_Task instructions_:
Exactly as written, return all the data, leaving its pictures behind.

_Stored data entries_:
──────────

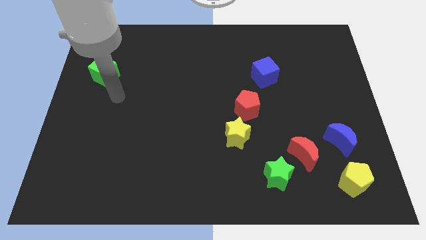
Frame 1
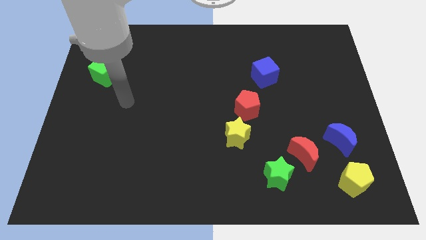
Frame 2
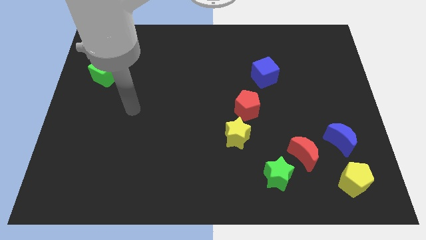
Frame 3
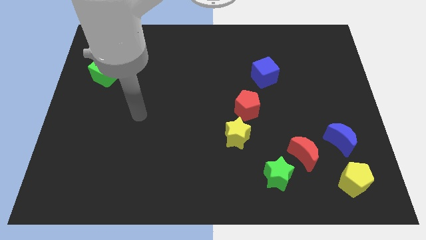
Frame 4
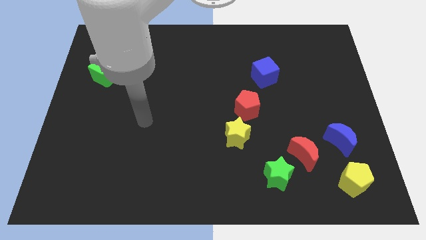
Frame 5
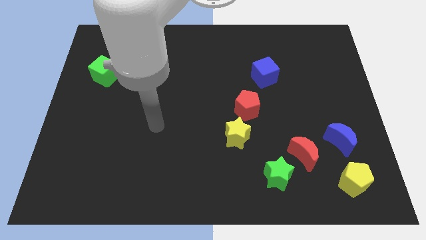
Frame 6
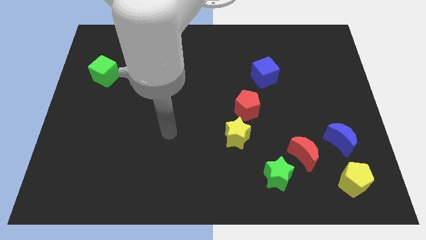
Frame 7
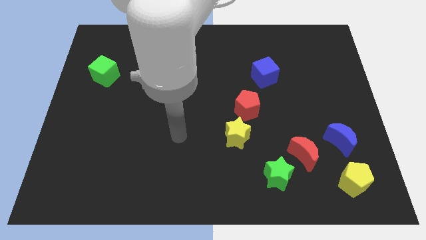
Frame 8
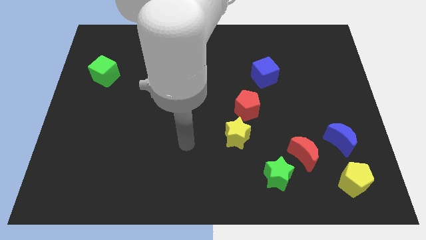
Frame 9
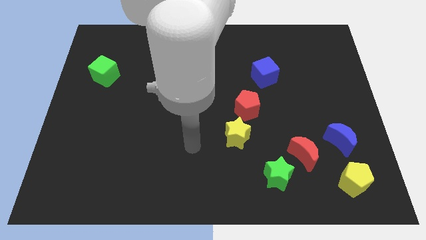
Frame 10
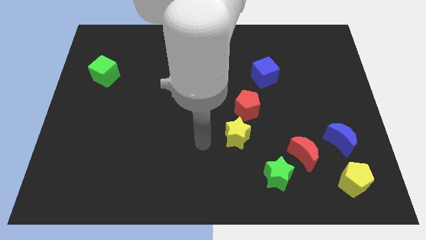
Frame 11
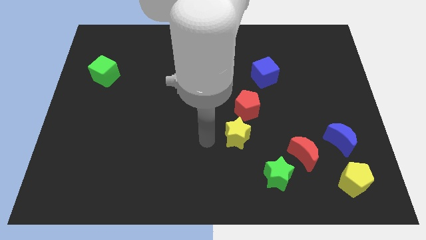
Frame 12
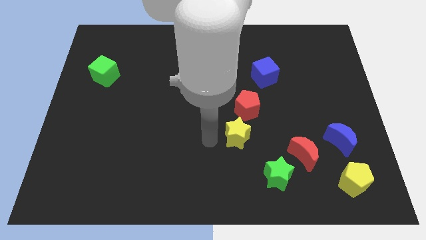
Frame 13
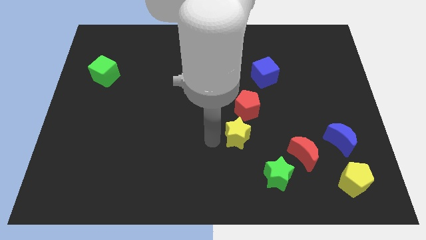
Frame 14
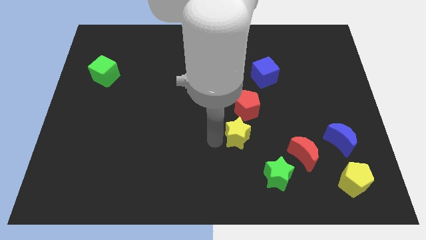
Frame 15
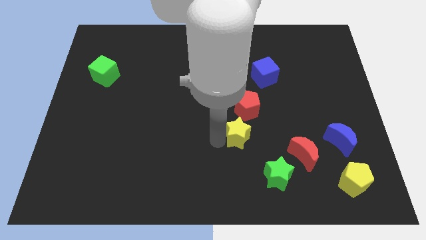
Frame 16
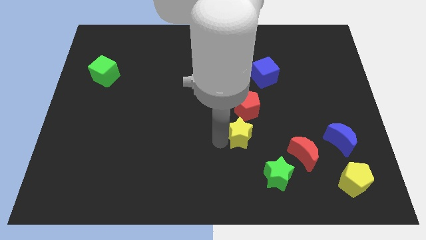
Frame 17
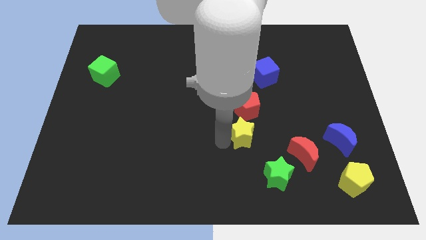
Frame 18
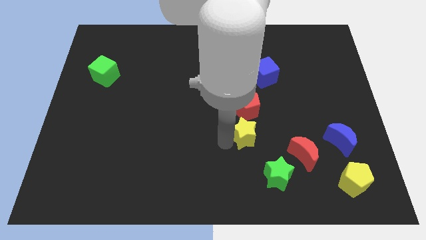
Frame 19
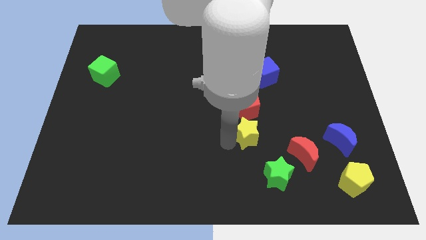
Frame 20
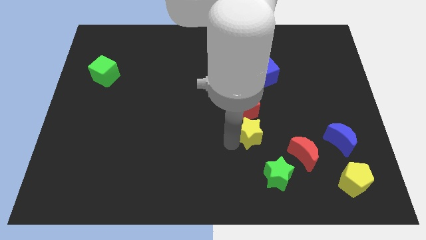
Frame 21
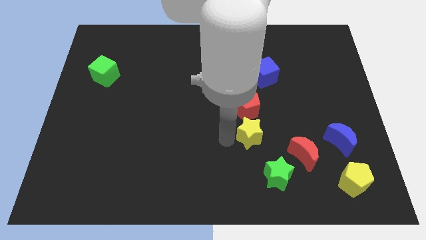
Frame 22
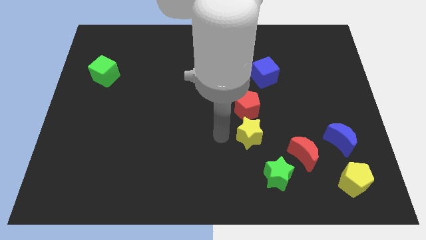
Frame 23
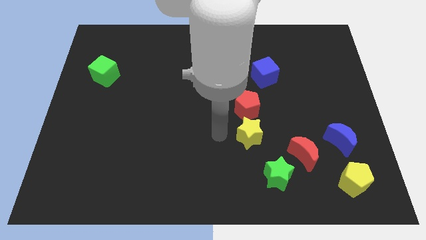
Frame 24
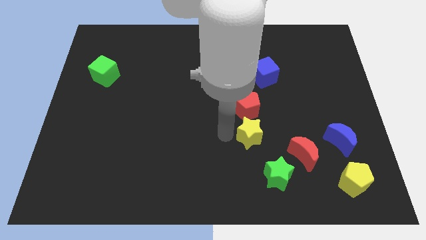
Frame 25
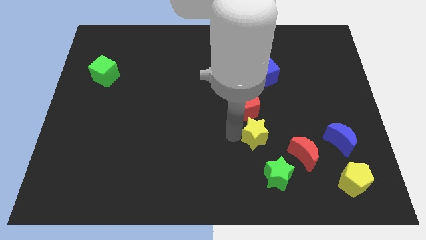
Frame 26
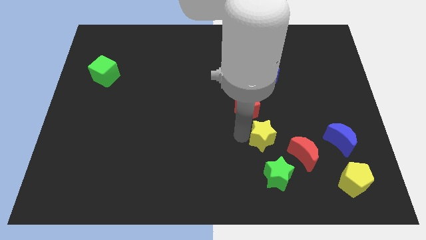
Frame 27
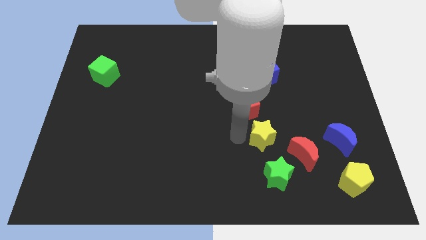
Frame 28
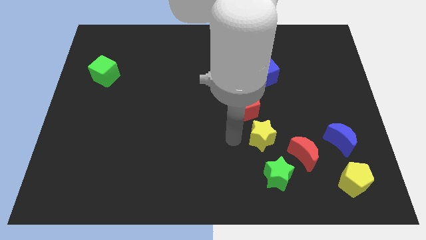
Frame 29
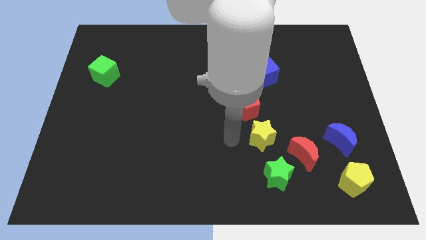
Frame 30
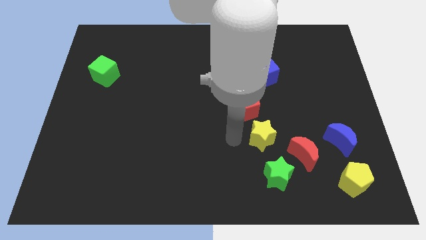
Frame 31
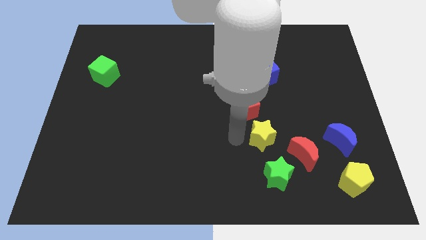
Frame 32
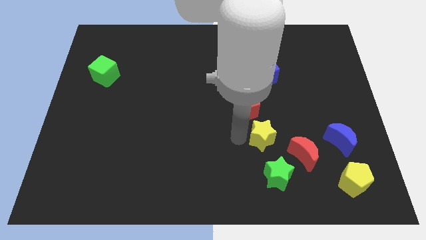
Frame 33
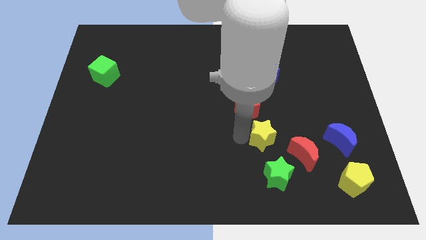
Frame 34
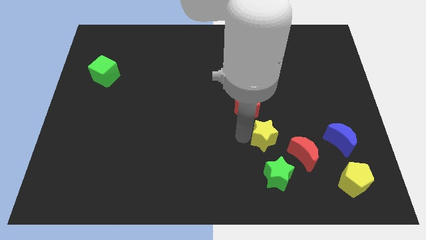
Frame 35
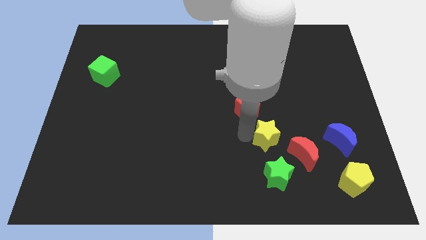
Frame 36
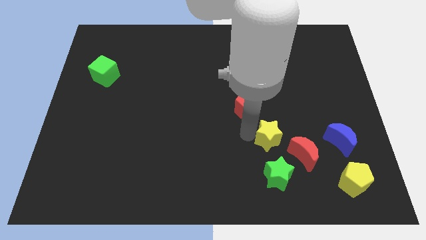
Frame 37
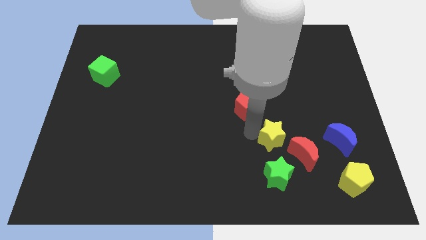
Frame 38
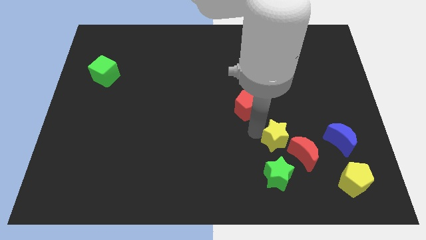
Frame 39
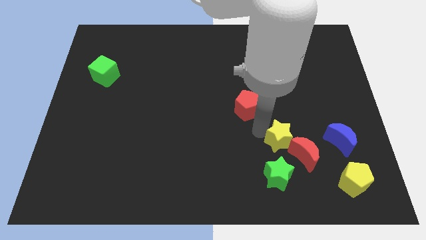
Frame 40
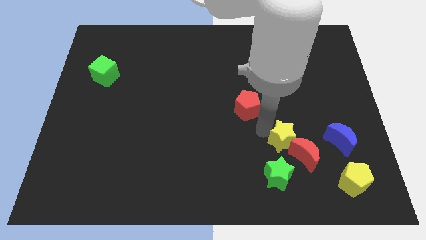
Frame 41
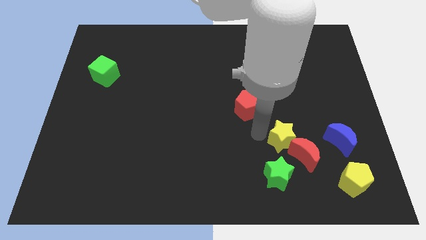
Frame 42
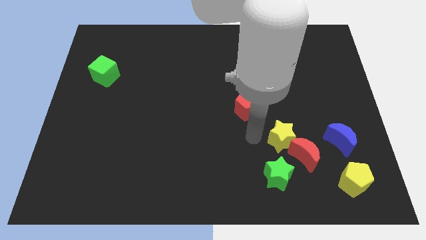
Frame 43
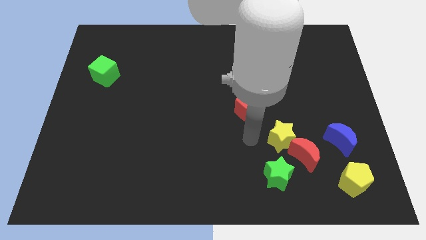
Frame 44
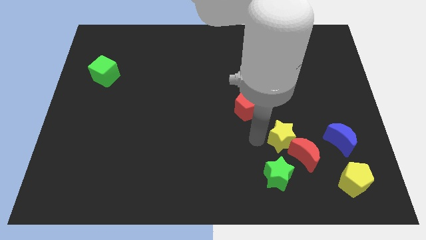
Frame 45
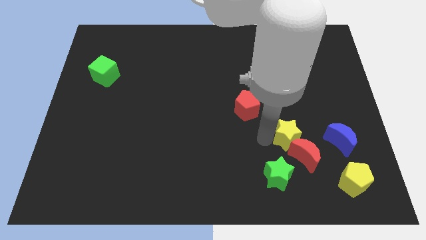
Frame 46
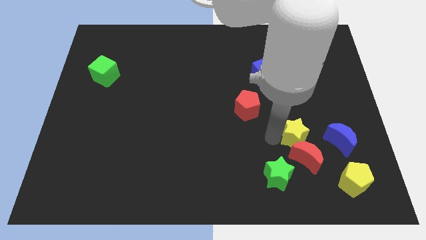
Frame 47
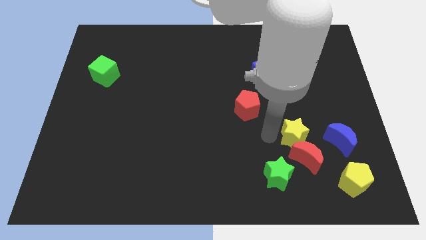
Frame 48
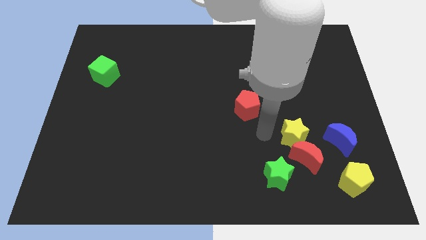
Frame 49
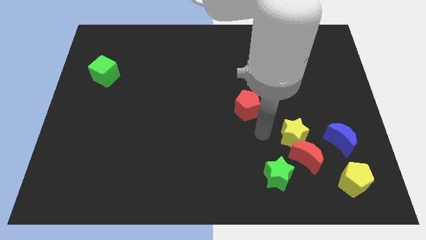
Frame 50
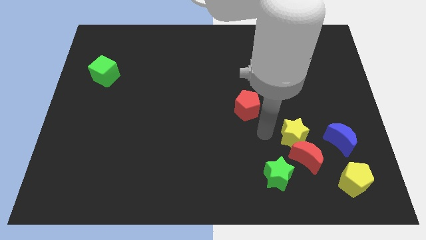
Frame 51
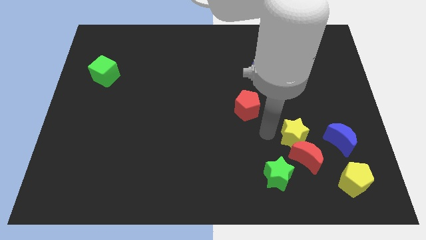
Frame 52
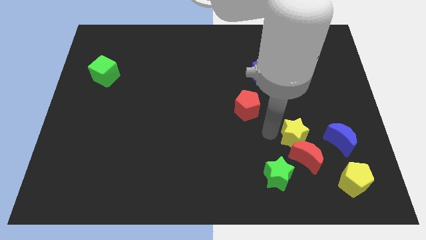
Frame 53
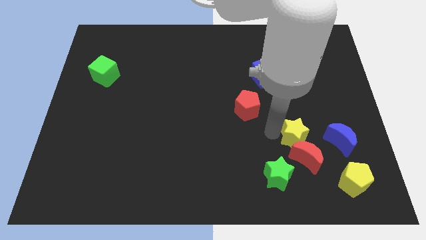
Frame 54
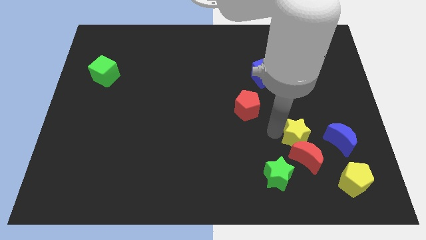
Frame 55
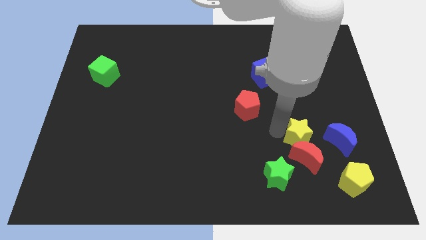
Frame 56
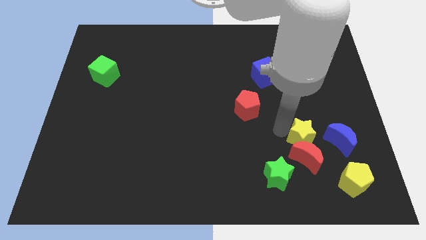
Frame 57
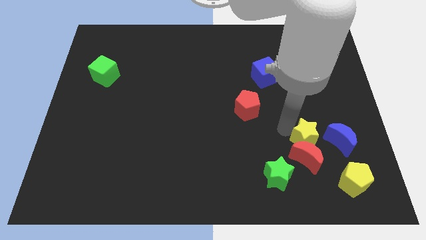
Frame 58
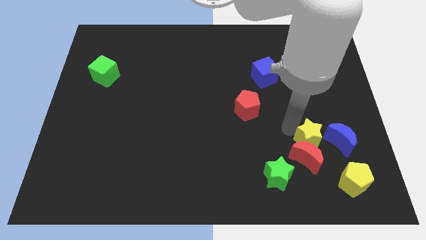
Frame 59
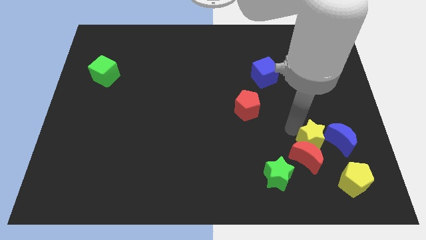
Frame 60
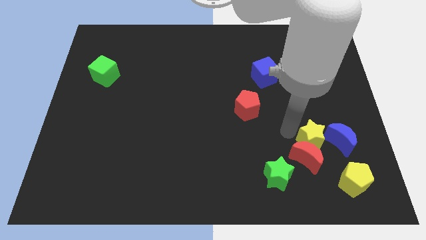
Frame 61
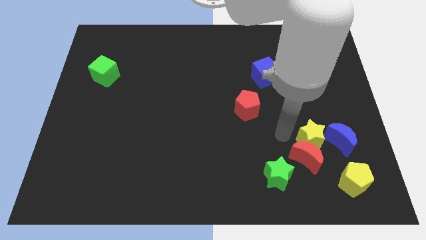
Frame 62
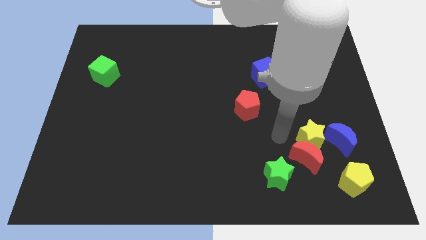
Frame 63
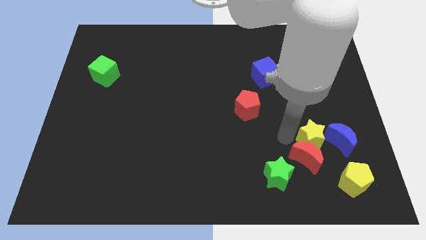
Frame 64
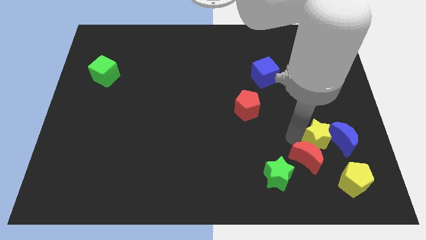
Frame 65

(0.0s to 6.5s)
put the yellow star next to the blue moon

──────────

_Answer for the task_:
Frame 1
Frame 2
Frame 3
Frame 4
Frame 5
Frame 6
Frame 7
Frame 8
Frame 9
Frame 10
Frame 11
Frame 12
Frame 13
Frame 14
Frame 15
Frame 16
Frame 17
Frame 18
Frame 19
Frame 20
Frame 21
Frame 22
Frame 23
Frame 24
Frame 25
Frame 26
Frame 27
Frame 28
Frame 29
Frame 30
Frame 31
Frame 32
Frame 33
Frame 34
Frame 35
Frame 36
Frame 37
Frame 38
Frame 39
Frame 40
Frame 41
Frame 42
Frame 43
Frame 44
Frame 45
Frame 46
Frame 47
Frame 48
Frame 49
Frame 50
Frame 51
Frame 52
Frame 53
Frame 54
Frame 55
Frame 56
Frame 57
Frame 58
Frame 59
Frame 60
Frame 61
Frame 62
Frame 63
Frame 64
Frame 65

(0.0s to 6.5s)
put the yellow star next to the blue moon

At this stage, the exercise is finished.